Step Four: Don’t forget the purpose of college. Yes, most college students party at one point or another; it is part of the culture of a college student. Still, college is what you make of it and trading in study time for shot time could hurt you and your GPA in the long run. First of all, and most of the times least important of all, is the amount of unnecessary calories you consume while drinking. All of those fancy cocktails and sweet chasers really add to those thunder things that you were trying to burn off on the elliptical the day before. But that’s not all.
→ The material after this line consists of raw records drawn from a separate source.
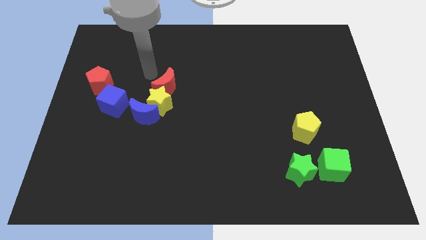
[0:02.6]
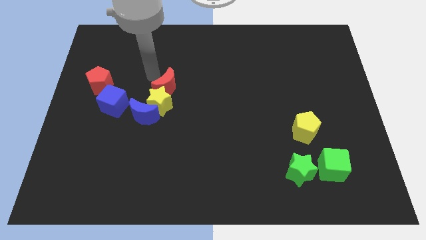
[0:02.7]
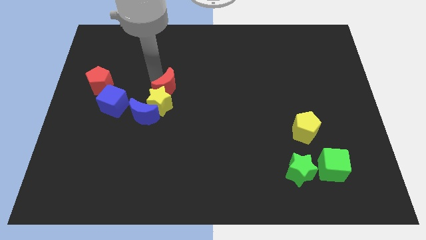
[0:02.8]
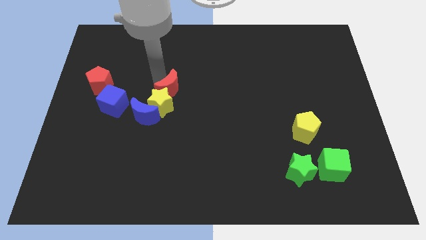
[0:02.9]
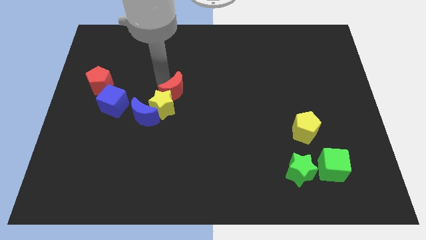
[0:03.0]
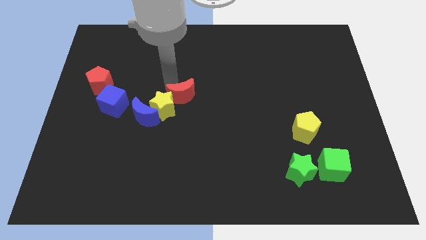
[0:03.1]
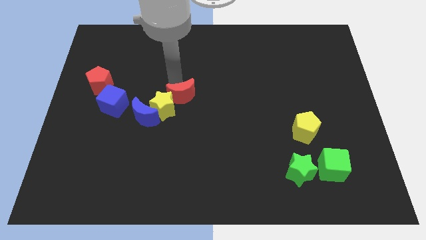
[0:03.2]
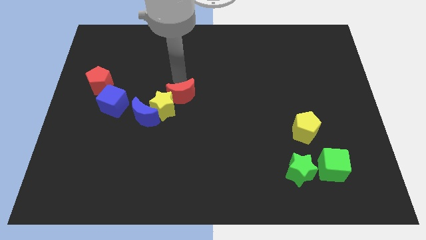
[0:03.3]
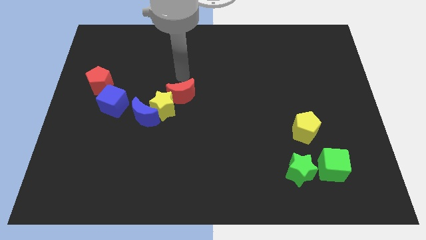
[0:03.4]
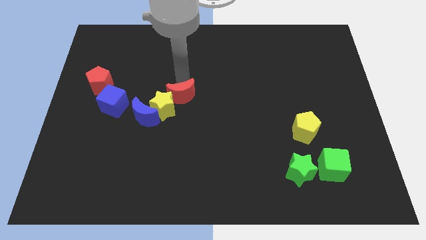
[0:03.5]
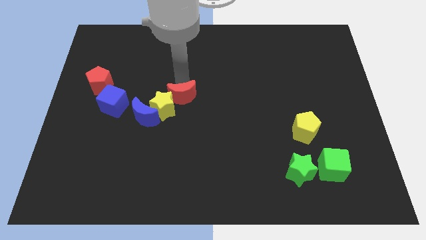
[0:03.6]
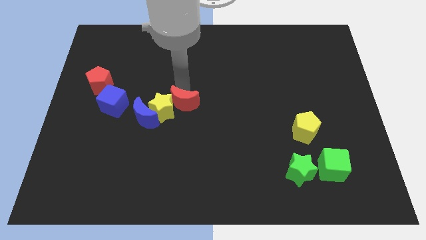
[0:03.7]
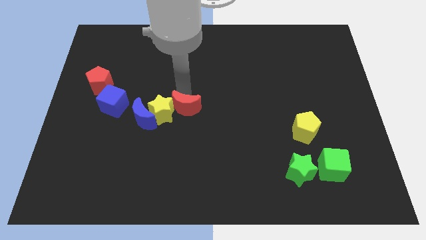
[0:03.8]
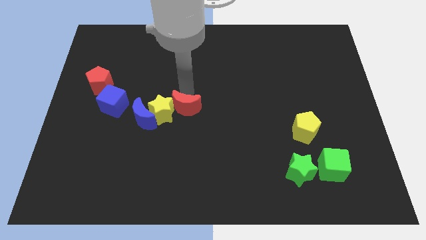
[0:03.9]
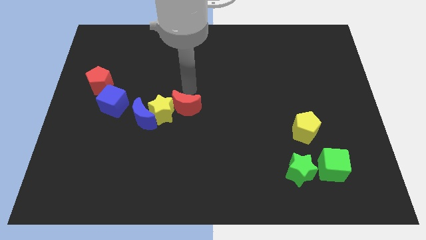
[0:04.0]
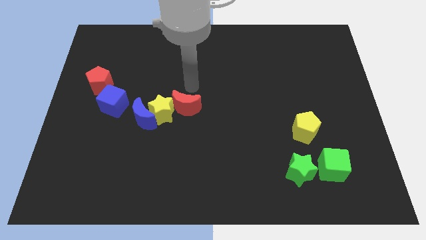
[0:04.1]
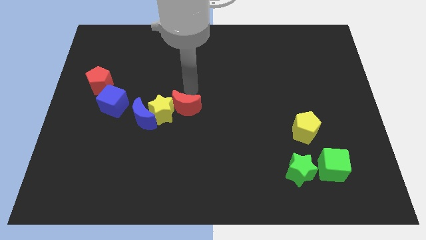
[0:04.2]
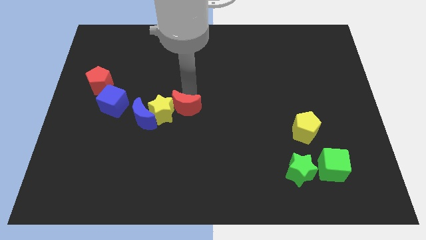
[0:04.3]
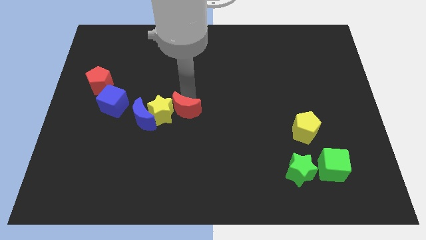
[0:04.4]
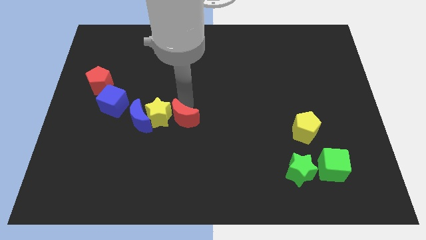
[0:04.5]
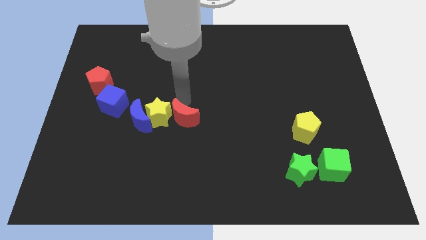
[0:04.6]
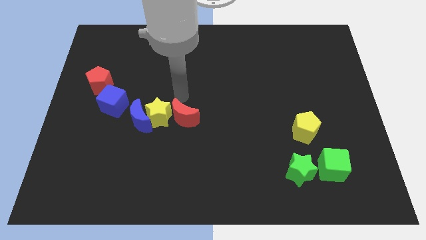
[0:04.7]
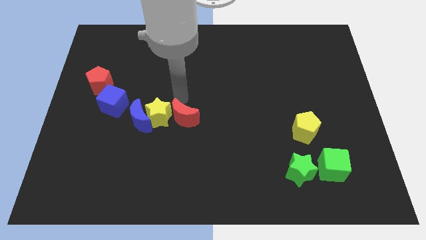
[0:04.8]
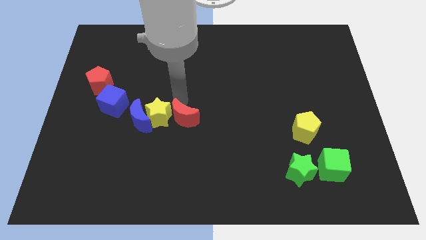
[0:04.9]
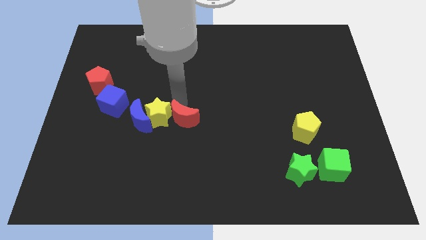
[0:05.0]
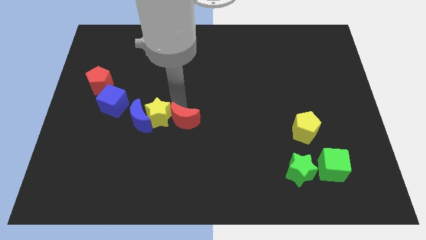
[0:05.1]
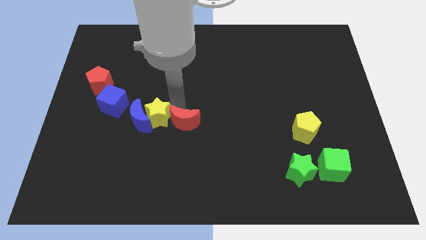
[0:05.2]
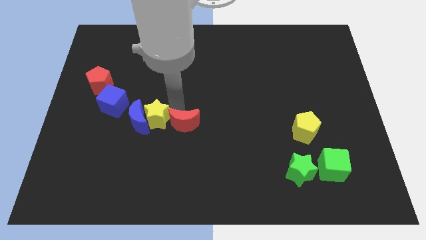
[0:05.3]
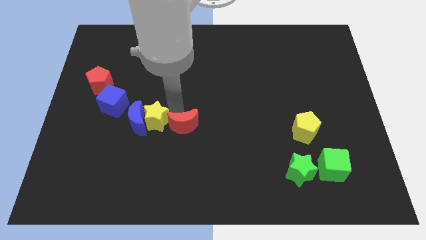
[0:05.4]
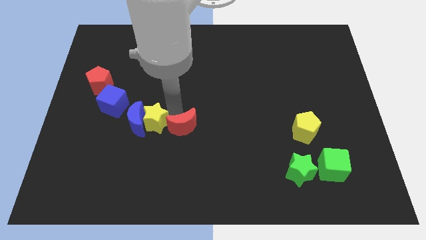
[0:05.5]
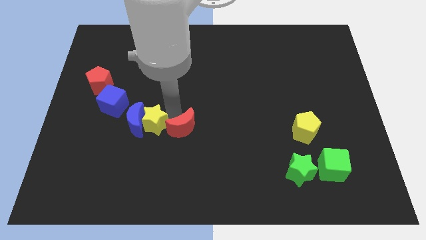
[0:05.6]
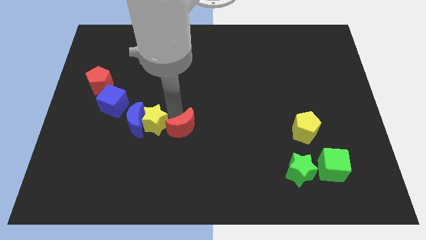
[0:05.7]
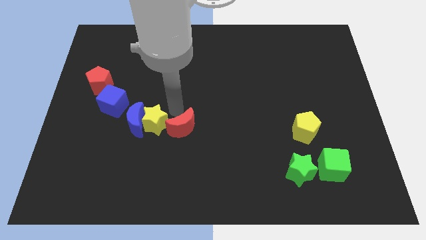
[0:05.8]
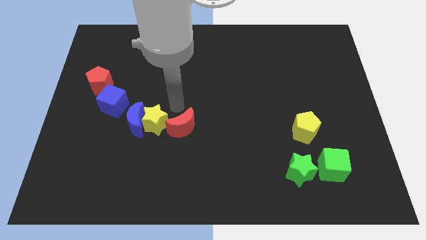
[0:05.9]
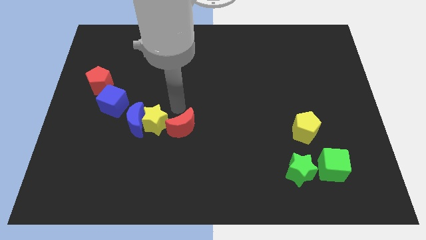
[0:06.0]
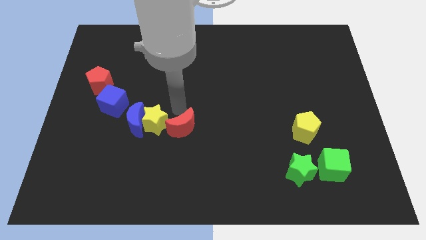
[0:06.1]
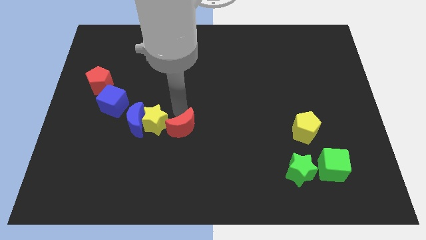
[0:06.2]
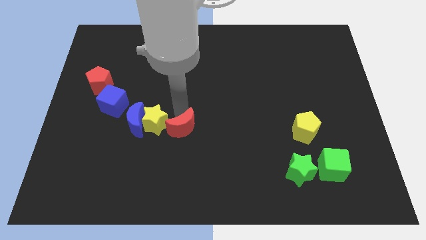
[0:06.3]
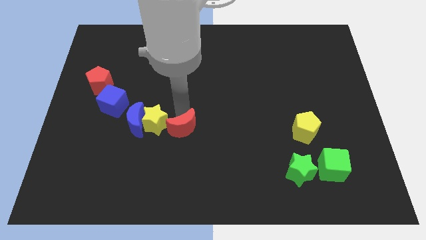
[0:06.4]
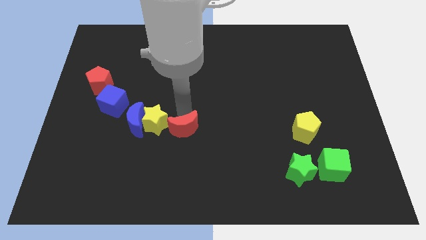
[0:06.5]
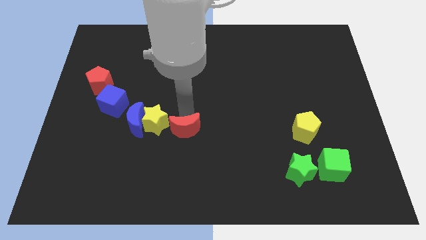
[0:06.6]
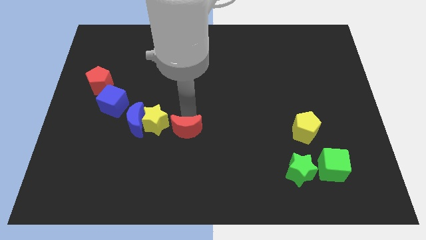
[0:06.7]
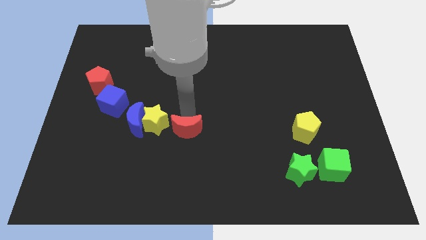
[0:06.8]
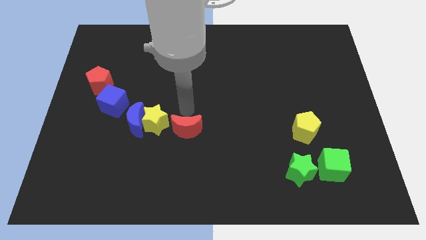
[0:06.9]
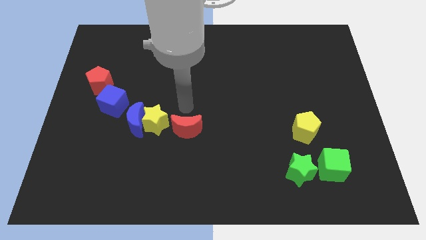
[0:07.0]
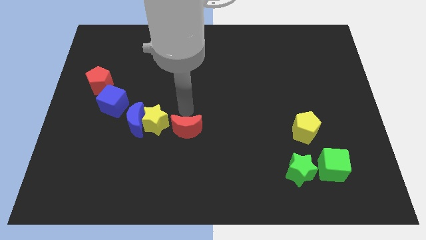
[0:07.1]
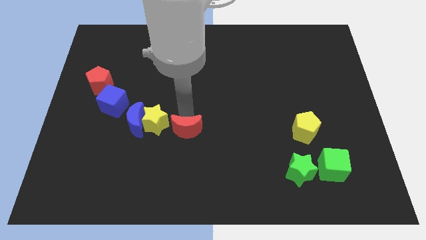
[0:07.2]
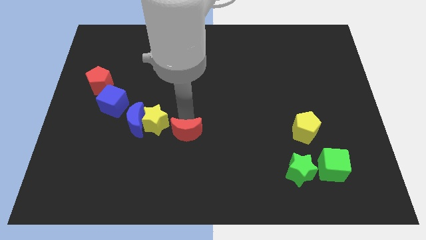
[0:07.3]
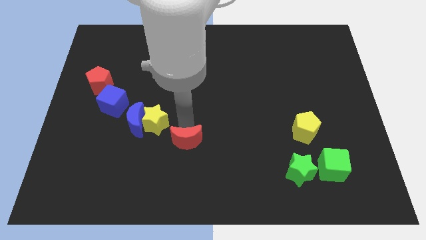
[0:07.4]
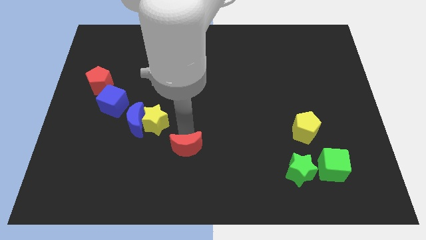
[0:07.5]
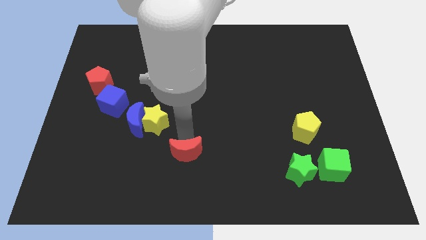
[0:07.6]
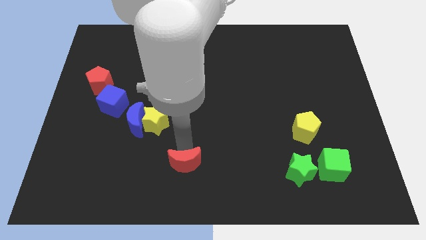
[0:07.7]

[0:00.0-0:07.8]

Thirsty Thursday often leads to ‘forget about it Friday,’ and by it, I mean class. Drinking on week days is most likely going to lead to a nasty hangover the next morning. Aside from the regret that you face waking up to a half-eaten slice of greasy takeout pizza, the motivation to get out of bed and start over the next day bright and early is also slim to none. Do yourself a favor and limit the drinking that you do while at college. Although it may seem like ‘everybody’s doing it,’ that’s honestly not true and you will agree with me in the long run. Plus you won’t have to smell like stale beer like that kid in the back of the room does every Friday in class.
And that finally leads me to step five: remember to have fun. Yeah, yeah, yeah, I know, I just told you not to party. But that doesn’t mean you can never have fun. Come on! Everyone needs to live a little and this might mark the last time you have some freedom in life before you graduate and, god forbid, have to become a real and functioning human being. Take road trips on the weekend to unplanned destinations; sing bad karaoke at the bar in front of the whole varsity football team, and, once in a while, you are even allowed to have an extra shot or two because sometimes you just deserve it. College is about making memories and relishing in the journey that you take in order to discover yourself and mature into the future adult that you will be. College is the time to make mistakes and learn from them so that you can get it right in the future. As long as you figure out how to balance all the odds and ends for yourself, you will realize, before you know it, that you have survived college.